The Oak Ridge Board of Education on Monday adopted a budget that will ask the Oak Ridge City Council for more money for a 2.5 percent salary increase for teachers and staff members.
The total amount needed to fund the 2.5 percent salary increase is $855,810, after about $98,000 worth of budget adjustments.
Most of the money for the salary increase could be available if the City of Oak Ridge agrees to continue putting into the budget $538,046 worth of funding that was given to the school system last year on a one-time basis to help pay for a digital device initiative that includes convertible laptops for students, among other expenses. In other words, the school board will ask the city to make that $538,046 a recurring source of funding, as opposed to non-recurring (one-time) money.
The school board will then ask for an additional $317,764 on top of the $538,046, or $855,810 total.
The budget passed on a second and final reading on Monday in a 5-0 voice vote with no opposition.
The budget had earlier been approved on first reading, during a special meeting on Wednesday.
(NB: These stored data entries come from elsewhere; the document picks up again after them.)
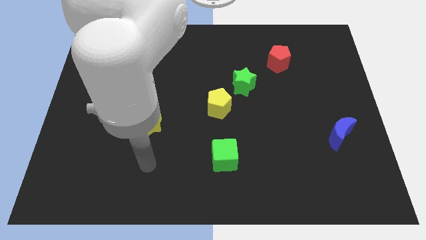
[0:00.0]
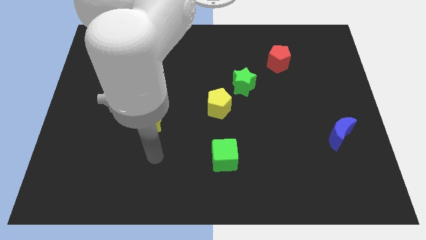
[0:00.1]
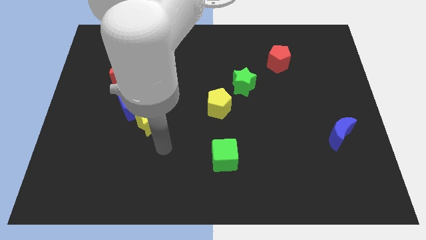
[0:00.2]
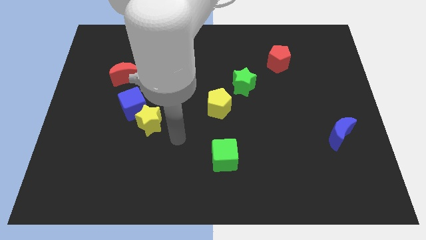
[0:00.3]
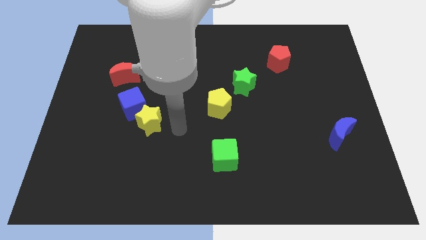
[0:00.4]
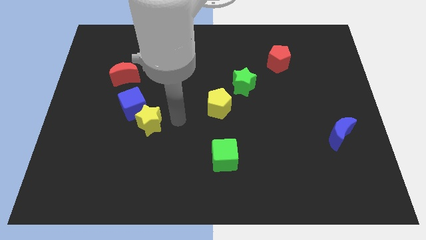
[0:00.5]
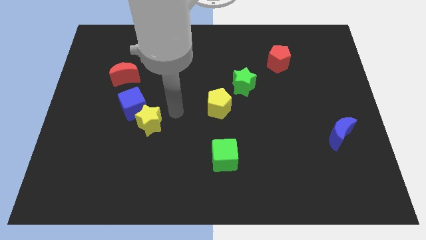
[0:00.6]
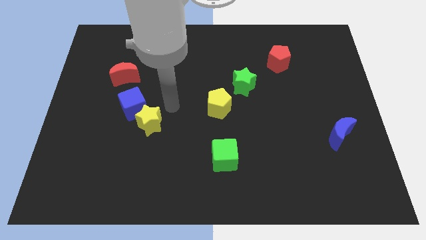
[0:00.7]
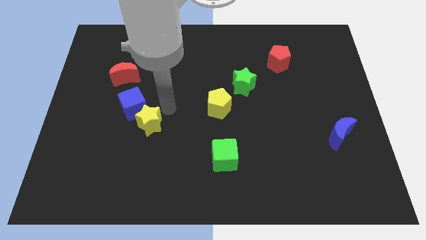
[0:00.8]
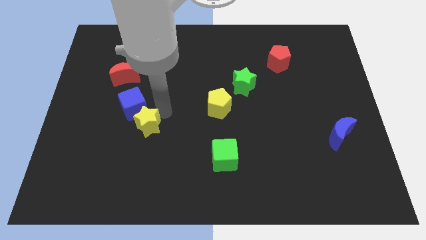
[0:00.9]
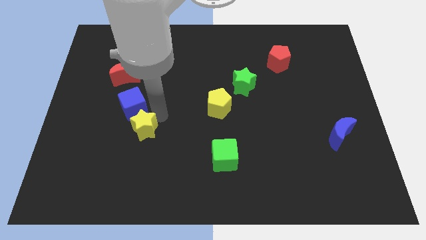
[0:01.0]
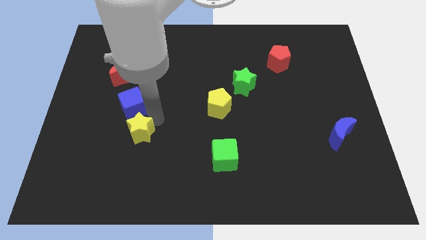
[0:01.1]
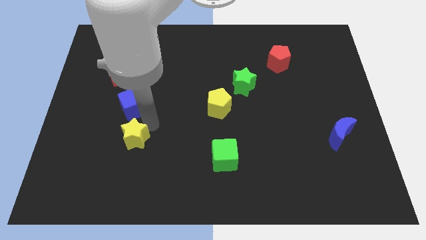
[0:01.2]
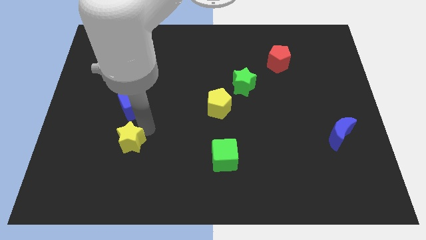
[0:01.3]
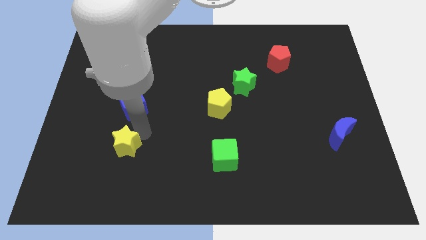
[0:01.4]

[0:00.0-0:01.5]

Oak Ridge Schools Superintendent Bruce Borchers told school board members during the second and final reading on Monday that he has discussed the school board’s budget with City Manager Mark Watson and Mayor Warren Gooch.
On Tuesday, Watson said he doesn’t have a comment yet on the school board’s request. The Board of Education is scheduled to present its budget to City Council at 7 p.m. Tuesday, May 30, in the Oak Ridge Municipal Building Courtroom.
“We’re going to have to assess what that impact would be,” Watson said.
The “bare-bones†budget presented by school administrators to the school board on May 9 had not asked for any additional money from the city. That proposed budget included step increases that would apply to those who are eligible, but it did not include pay raises. Under that budget, roughly 59 percent of the staff would have received no increase.
But the school board can make changes to the budget that has been proposed by administrators, as it did this month.
The roughly $317,000 in additional new money to be requested from the city—on top of the roughly $538,000 in one-time money that the school board would like to make recurring—would be a 2.1 percent increase in the city’s funding for the schools, compared to last year.
Without the increased funding, the city would provide about 27.68 percent of the school system’s funding. Other major sources of funding are the county (27.71) and state (41.06). The schools also have some federal funding.
The City of Oak Ridge provided $14.955 million to Oak Ridge Schools in Fiscal Year 2016. The $538,000 in one-time money for the digital device initiative and other expenses was added in Fiscal Year 2017. If City Council were to hold funding flat for the school system, the amount transferred to Oak Ridge Schools would drop back down to $14.955 million.
The next fiscal year starts July 1.
More information will be added as it becomes available.